September 28th, 2015

As a Colorado resident and avid craft beer drinker, I prefer my local microbrews in bottles rather than cans. I think bottles provide nicer looking pour than cans. But none of my favorite craft brewers offer their beers in plastic bottles. So I am stuck with glass bottles for now. But I’m hoping that some of the smart craft brewers will begin to offer plastic bottles; because from an environmental perspective, plastic has a lot going for it.

First, consider production:

Producing glass takes an enourmous amount of energy since the raw materials, normally a mixture of sand, soda ash, limestone, dolomite and feldspar, must be heated to more than 2,700 degrees F. And glass manufacturing releases a series of air-polluting compounds such as nitrogen oxides, sulfur dioxides and particulates into the air. These particulates are a special concern because they are small enough to enter the nose and throat and reach deep into the lungs, where they can pose serious health problems.

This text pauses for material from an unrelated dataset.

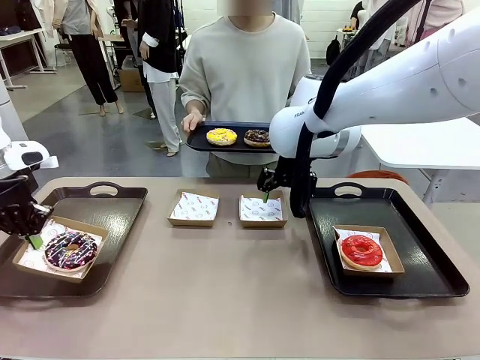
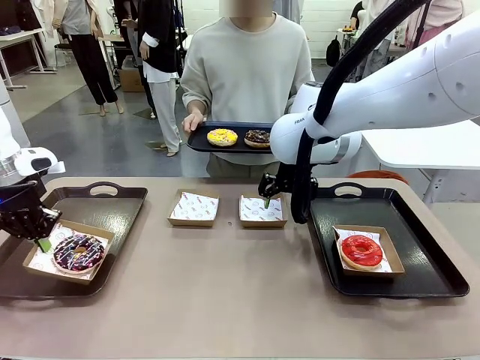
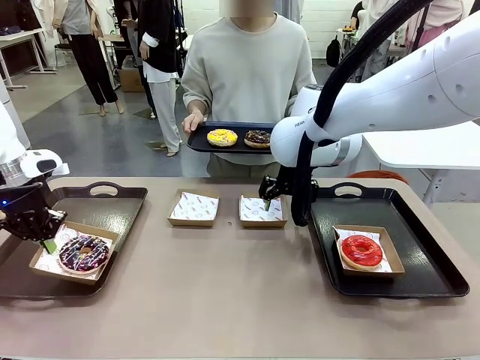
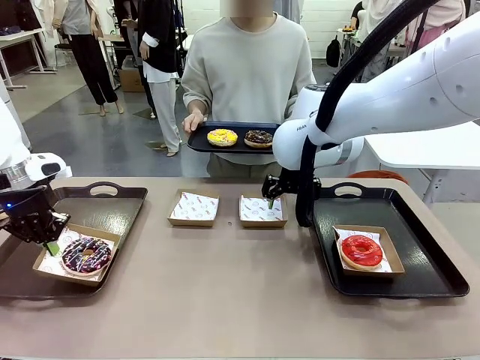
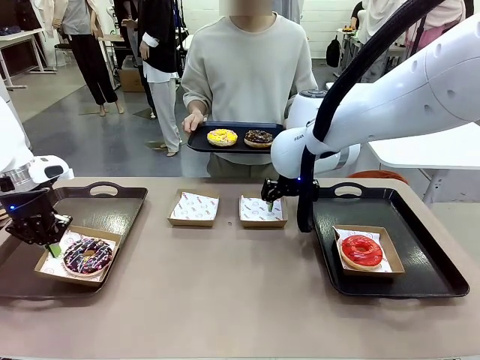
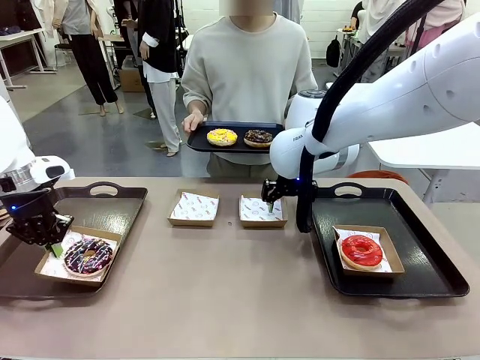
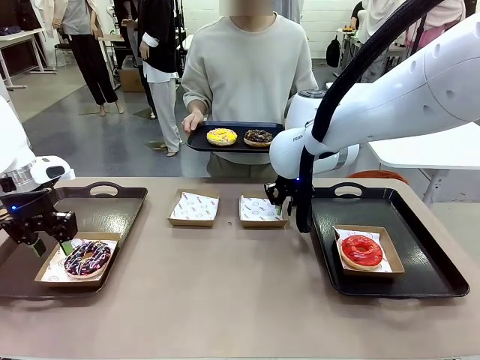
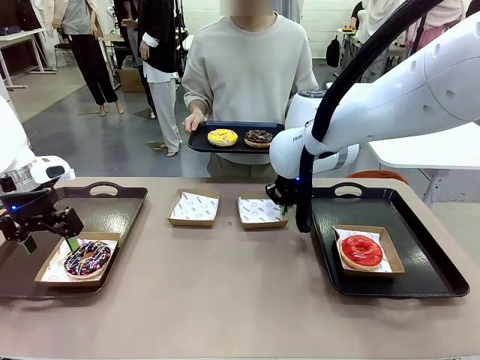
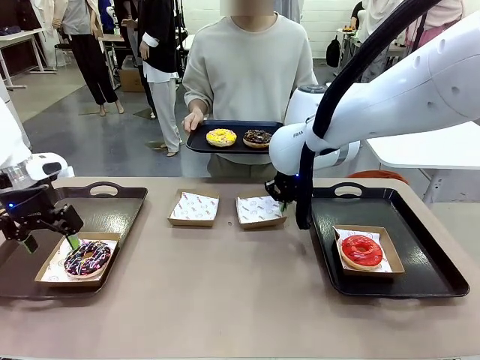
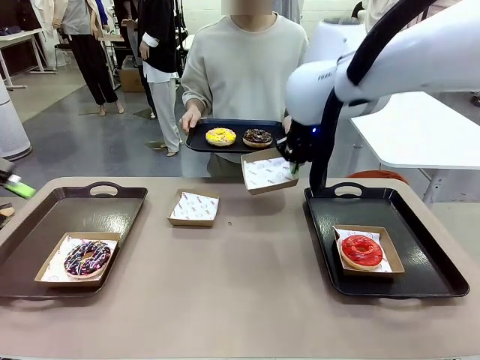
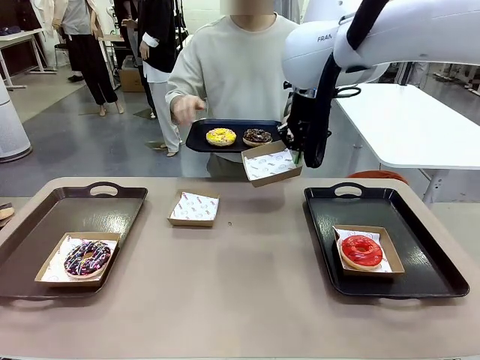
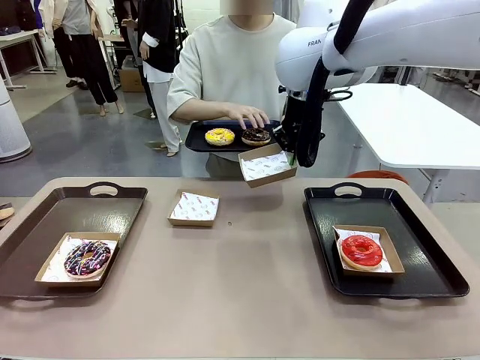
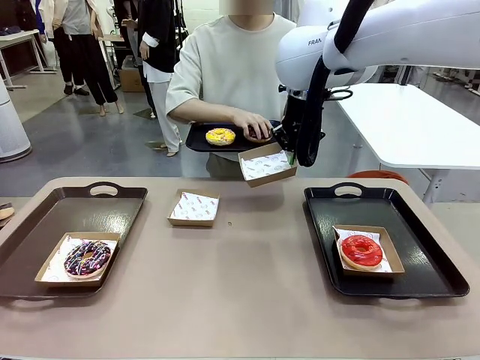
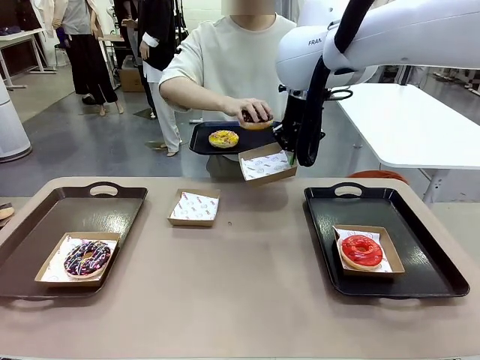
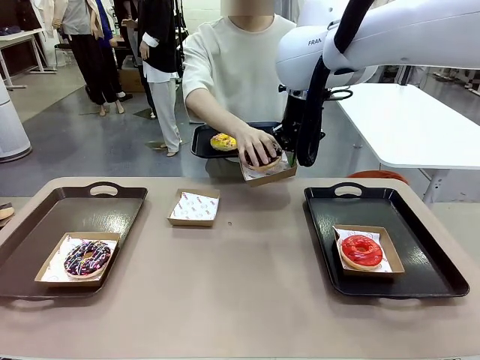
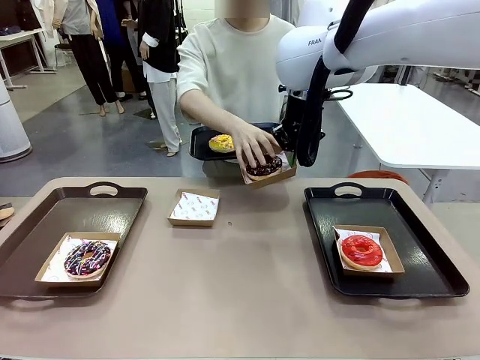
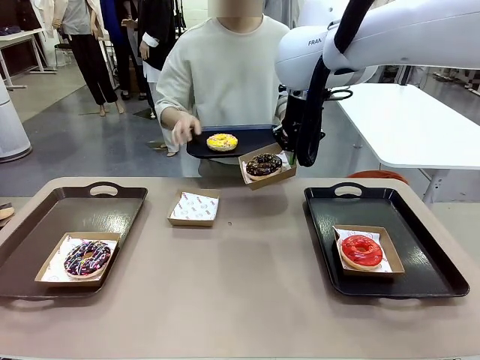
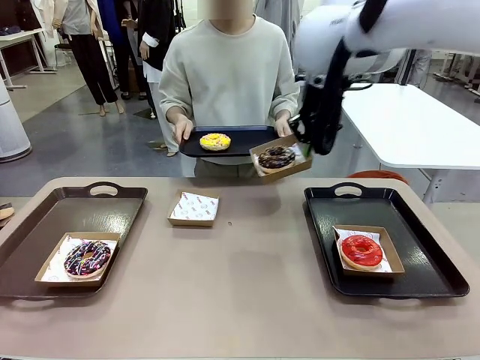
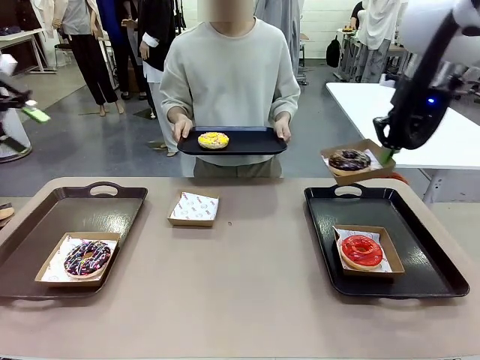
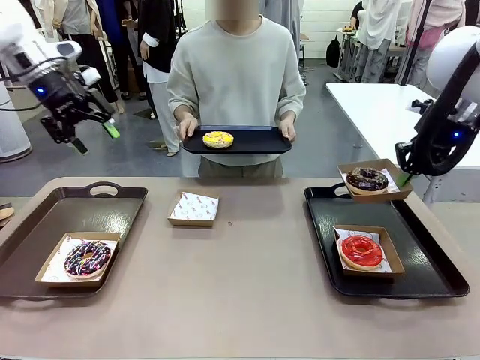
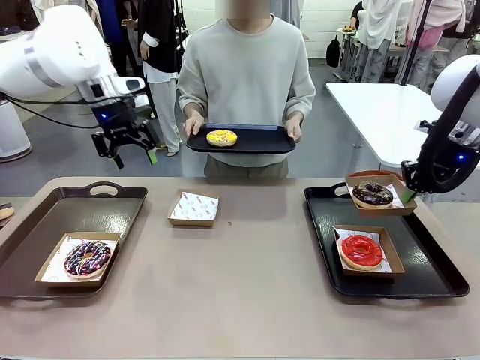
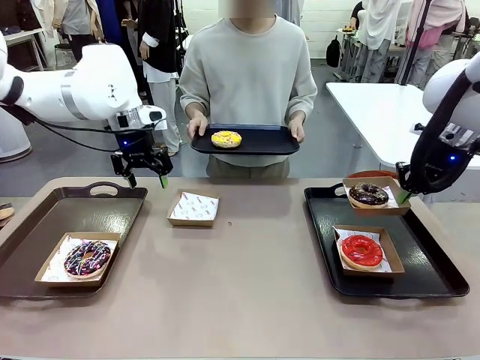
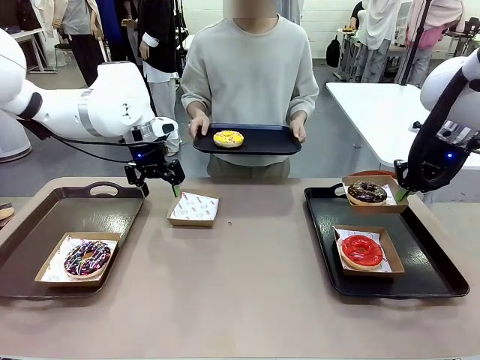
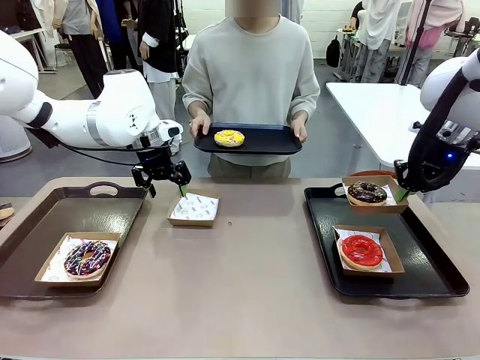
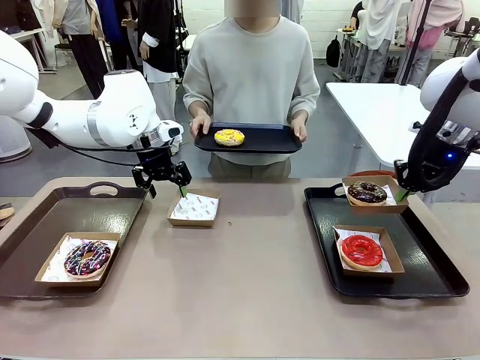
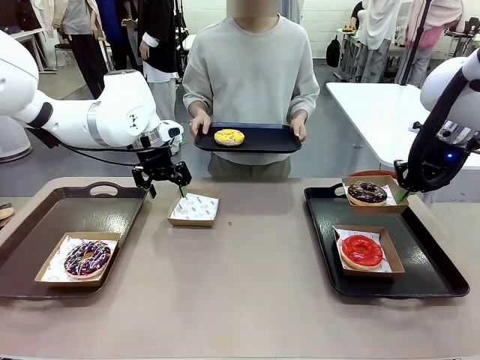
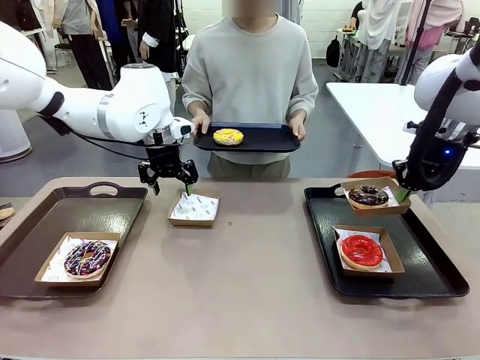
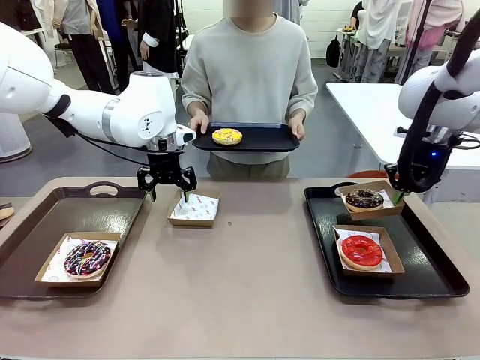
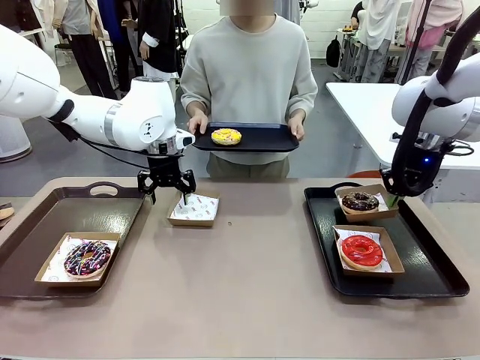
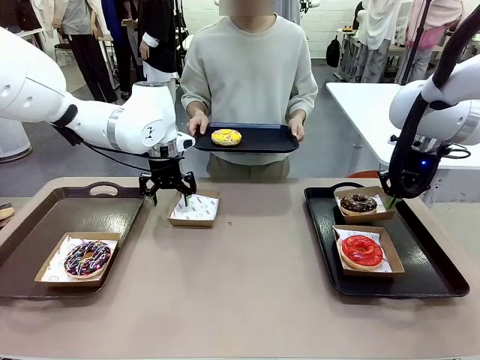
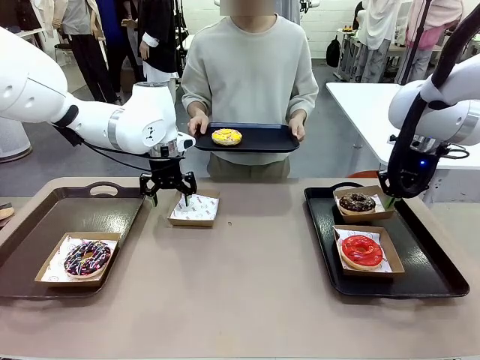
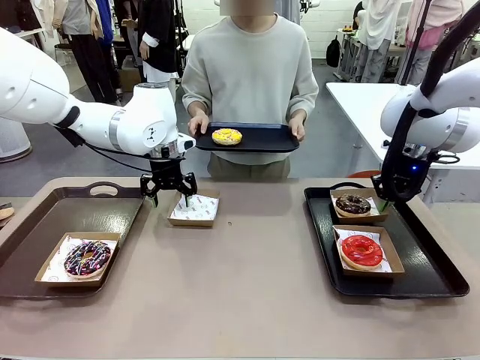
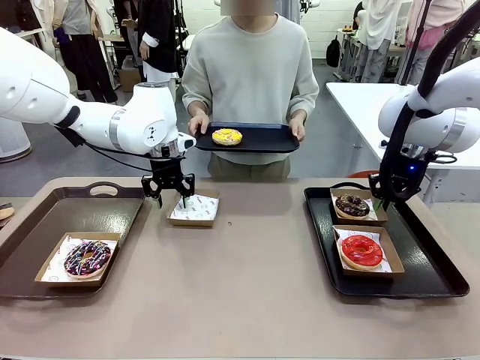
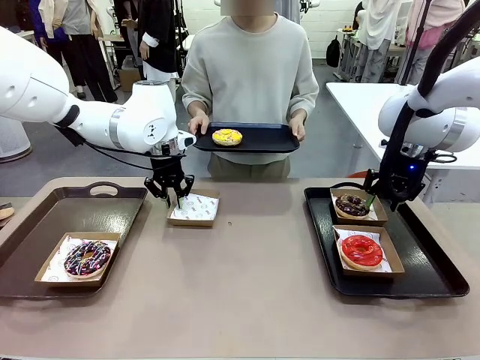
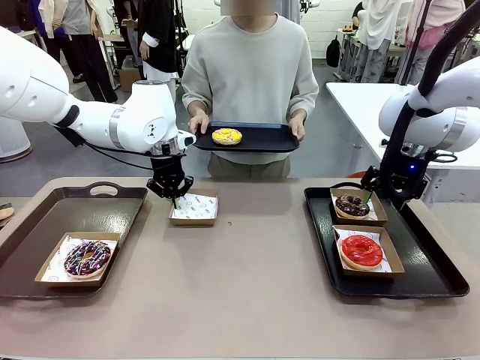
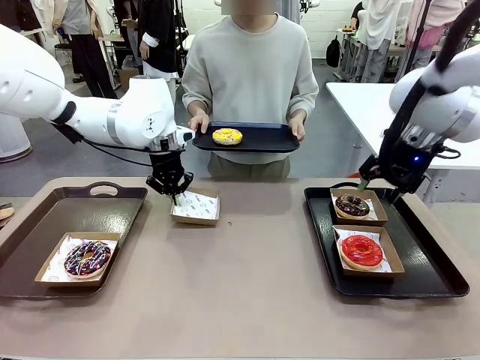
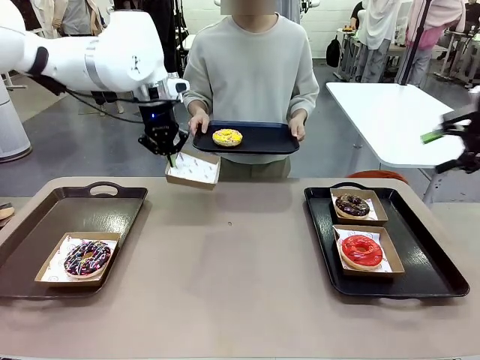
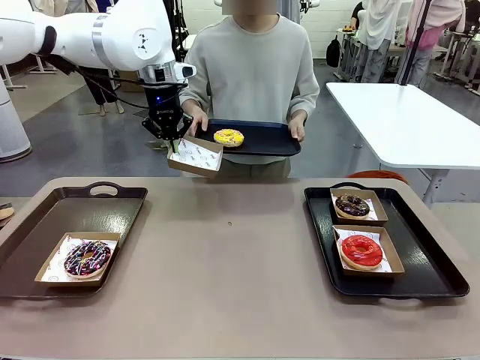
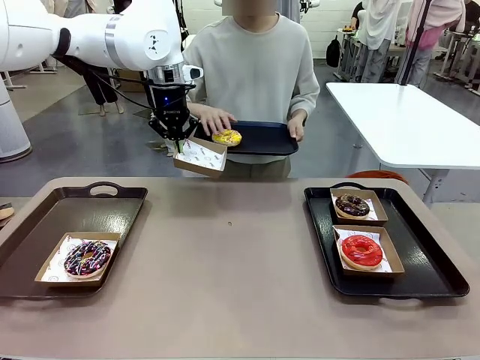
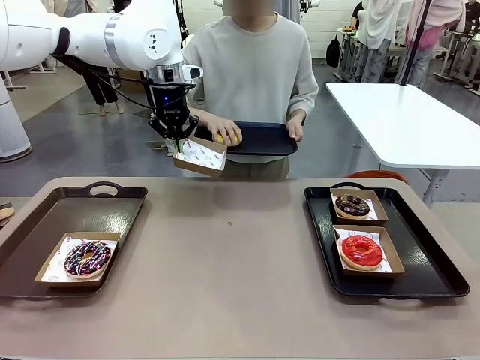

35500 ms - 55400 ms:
Task: Individually package the donuts and arrange them on the tray.
Robot: Place the picked Paper togo box on the Handle tray while simultaneously picking up another Paper togo box from the table with the other hand.

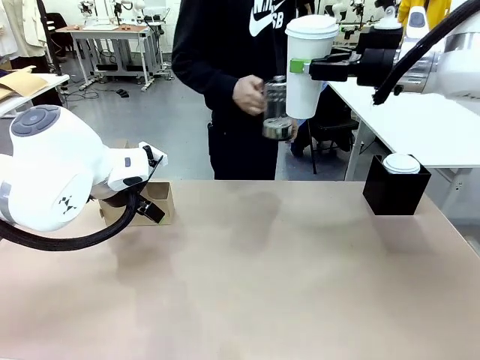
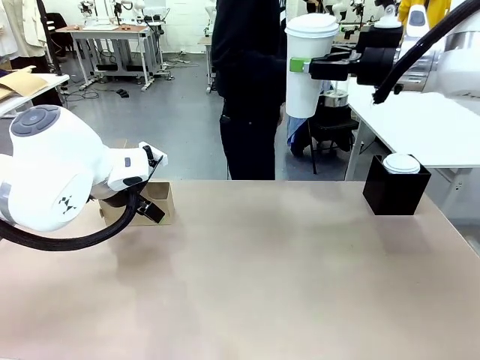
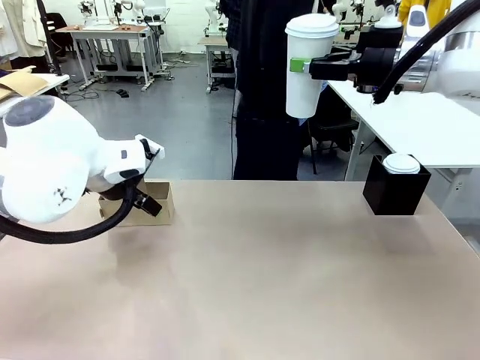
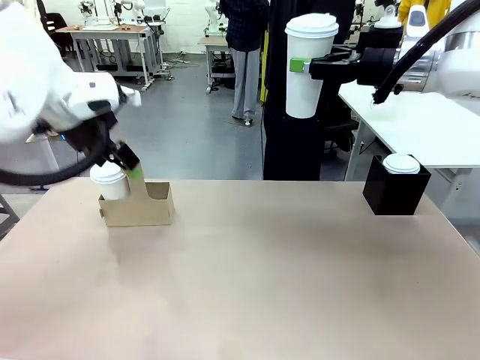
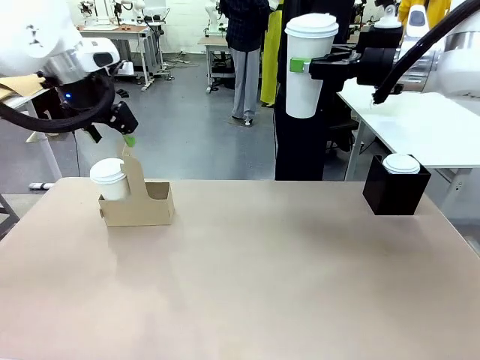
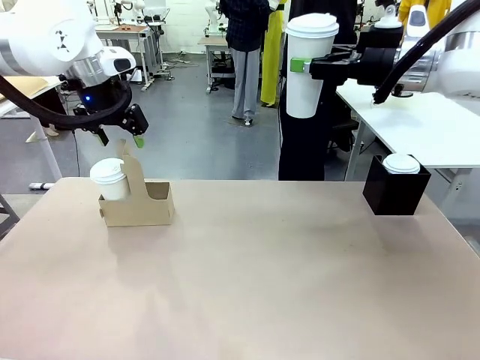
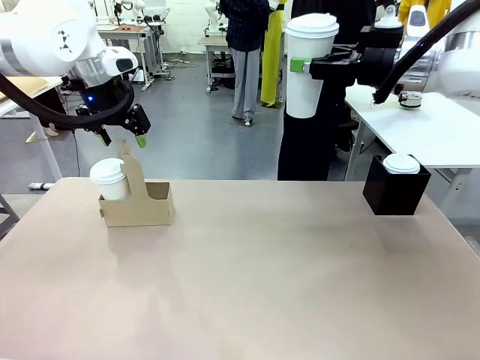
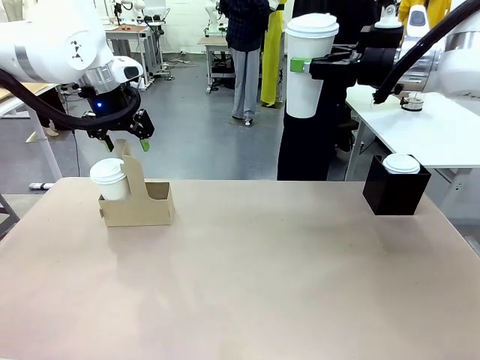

The International Finance Group arm of the World Bank has published figures showing that particulate emissions for glass manufacturing are 16 to 33 times higher than for plastics manufacturing. One European study, published in the January 2009 issue of the International Journal of Life Cycle Assessment, looked at the total environmental benefit of using plastics instead of glass for baby food jars. Their findings can be summarized by saying that using plastics instead of glass reduced the environmental impact on primary (manufacturing) energy by 14 to 27 percent, reduced CO2 emmisions by 28 to 31 percent, reduced particulates by 31 to 34 percent and reduced the components that cause acid rain by 28 to 31 percent.

Looking ahead, we all anticipate energy efficiency improvement in the manufacturing of glass and plastics. But a glass plant runs seven days a week, 24 hours a day; and the glass-making furnaces cannot be shut down and cooled during their lifetime of 15 to 20 years. So any energy efficiency technologies that come in the meantime would potentially have to wait years for installation into existing glass plants. Plastics manufacturing is not governed by these restraints, so improvements can be made at any time during the lifetime of the facility.

And transportation:

Glass is a lot heavier to transport than plastic. Being heavier means that glass uses more energy, releases more CO2 into the atmosphere and costs more money to ship than plastic. It has been estimated that if you filled a delivery truck with half-gallon bottles of milk (or beer), the glass would constitute about one-third of the total weight of the shipment, compared with about 5 percent of the total weight of the shipment for polyethylene terephthalate (PET) or high density polyethylene (HDPE) bottles.

Advantages of plastics in action:

Custom plastic fabrication is easier and uses less energy than glass fabrication. Therefore, the process of heating plastics into shapes such as skylight domes and flight aircraft canopies is yet another arena in which plastics shine over glass.

Clear plastics also have a lot going for them, over glass, as a glazing material. Singlepane thickness acrylic windows weigh half (1,150-1,190 kg/m3) as much as silica glass windows (2,400-2,800 kg/m3). This is a primary reason why airpland windows are made from plastics.

And acrylic clear sheets let in up to 92 percent of the available visible light where silica glass windows admit something in the 80 to 90 percent range. Acrylic windows retain their clarity as thickness increases, while distortion increases with thickness in silica glass windows. This greater transmission of light by plastics over glass permits architects more flexibility in designing ways to maximize the use of natural light in new and renovated buildings.

Reynolds_Hotel_Circular_Scuba_TankSingle-ply clear acrylic sheet conducts less heat than glass. This is demonstrated by the way water-filled acrylic tanks are warmer to the touch than silica glass tanks, and by the way there tends to be far less condensation on the outside of plastic tanks than on the outside of glass tanks.

Multi-wall polycarbonate sheet for greenhouse glazing has much higher
R-values than silica glass for greenhouse panels; at 6 mm twin-wall polycarbonate
those R-values are 1.6 times higher and at 16 mm triple-wall polycarbonate
the R-value is 2.5 times higher than glass. (For those not familiar with this
term, R-value is a measure of thermal resistance used in the building and
construction industry.)
And, of course, clear lucite and glycol modified polyester terephthalate (PET-G)
also have higher impact strength than silica glass and will not shatter. Acrylic
itself is between 8 and 17 times stronger than silica glass. Plus, when see-through plastic sheets do break, they tend to crack, not shatter, and are less
apt to break into dangerous shards like silica glass.
Since silica glass breaks more easily than acrylic, PETG and polycarbonate,
it requires more cushioning material to ship. This additional packing material
for glass means more weight on the truck, which compounds the transportation
energy and air pollution disadvantage for glass compared to plastic, in
addition to more landfill waste if this packing material isn’t repurposed and/
or recycled.
One more benefit of the shatter-proof characteristics of plastics: they
make plastics more suitable for ballistic grade and containment grade products.